Task statement: No image is to be carried over; reproduce the rest of the listing word for word.

"""

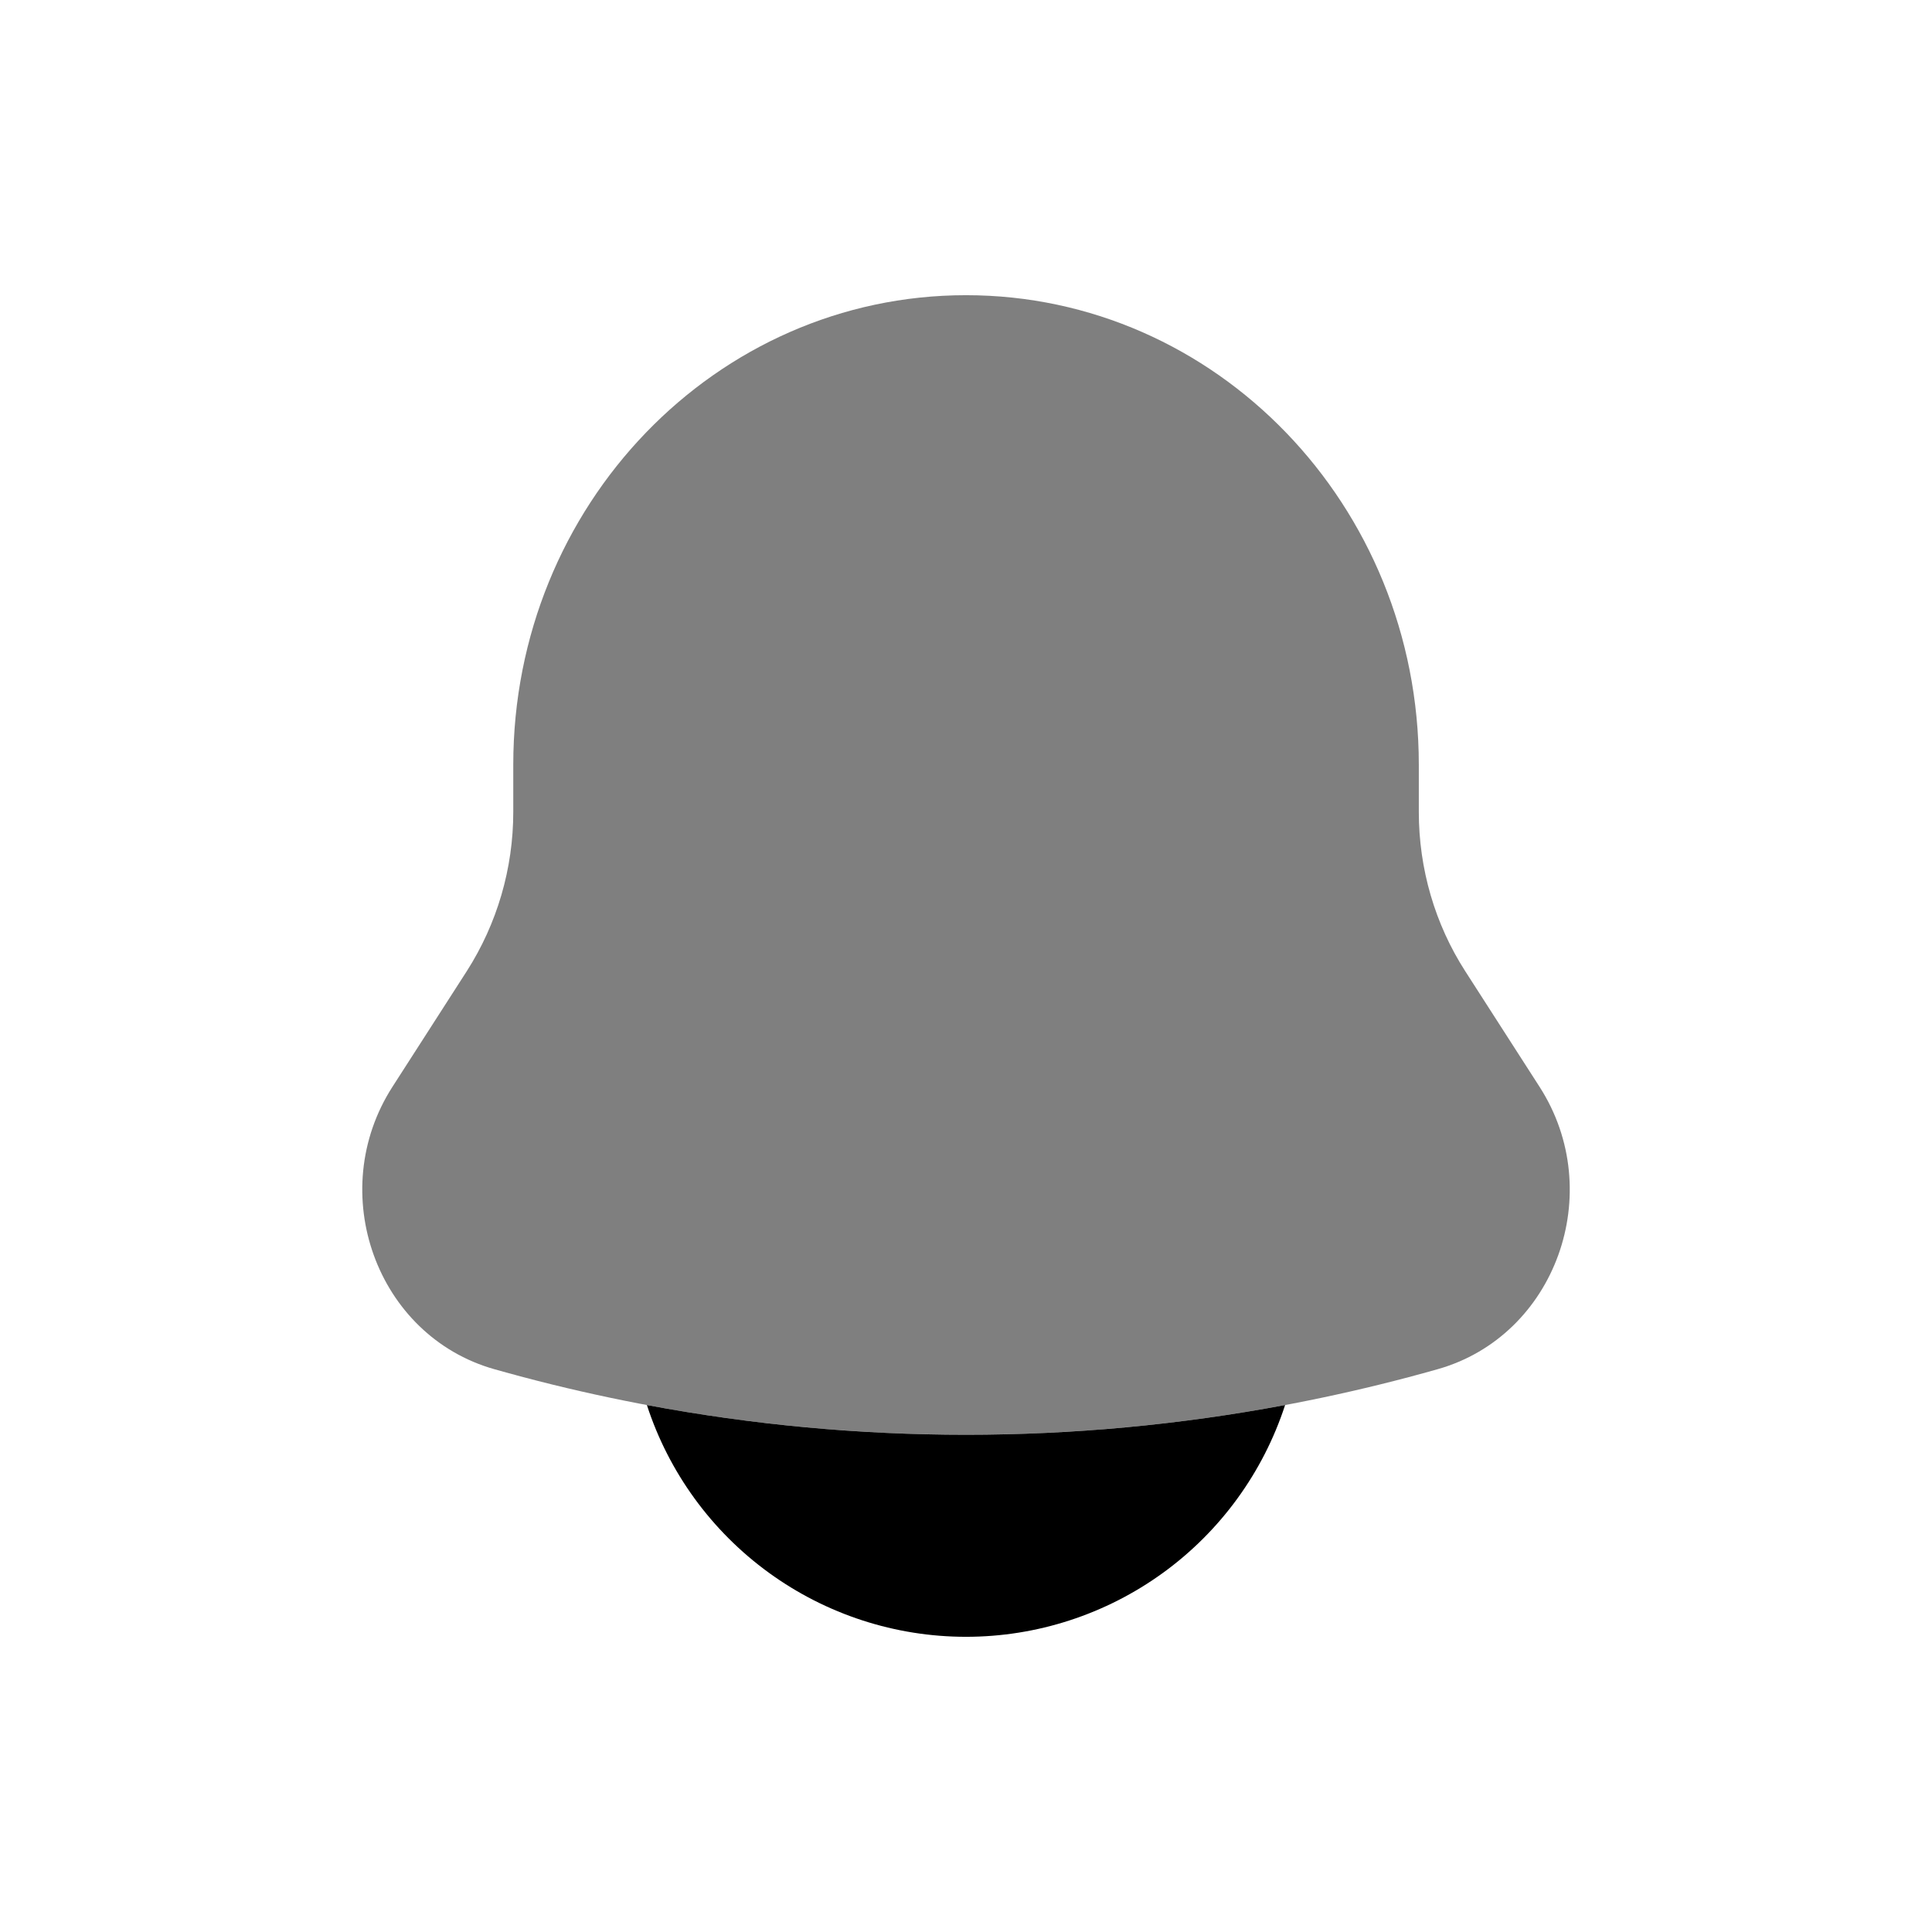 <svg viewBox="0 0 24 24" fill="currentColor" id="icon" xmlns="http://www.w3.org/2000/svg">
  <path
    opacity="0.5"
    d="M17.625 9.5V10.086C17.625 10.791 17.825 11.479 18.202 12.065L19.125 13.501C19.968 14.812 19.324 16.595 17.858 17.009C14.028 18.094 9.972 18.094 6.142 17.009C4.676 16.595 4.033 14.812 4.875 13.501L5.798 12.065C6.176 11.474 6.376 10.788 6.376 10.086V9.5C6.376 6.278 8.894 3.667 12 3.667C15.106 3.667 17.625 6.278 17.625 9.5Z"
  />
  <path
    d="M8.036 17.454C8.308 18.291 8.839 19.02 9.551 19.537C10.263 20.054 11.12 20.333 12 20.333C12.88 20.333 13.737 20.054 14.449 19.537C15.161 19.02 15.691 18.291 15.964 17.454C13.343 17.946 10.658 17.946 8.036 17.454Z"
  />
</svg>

"""

Result below:
 <svg viewBox="0 0 24 24" fill="currentColor" id="icon" xmlns="http://www.w3.org/2000/svg">
  <path
    opacity="0.5"
    d="M17.625 9.5V10.086C17.625 10.791 17.825 11.479 18.202 12.065L19.125 13.501C19.968 14.812 19.324 16.595 17.858 17.009C14.028 18.094 9.972 18.094 6.142 17.009C4.676 16.595 4.033 14.812 4.875 13.501L5.798 12.065C6.176 11.474 6.376 10.788 6.376 10.086V9.5C6.376 6.278 8.894 3.667 12 3.667C15.106 3.667 17.625 6.278 17.625 9.5Z"
  />
  <path
    d="M8.036 17.454C8.308 18.291 8.839 19.02 9.551 19.537C10.263 20.054 11.12 20.333 12 20.333C12.88 20.333 13.737 20.054 14.449 19.537C15.161 19.02 15.691 18.291 15.964 17.454C13.343 17.946 10.658 17.946 8.036 17.454Z"
  />
</svg>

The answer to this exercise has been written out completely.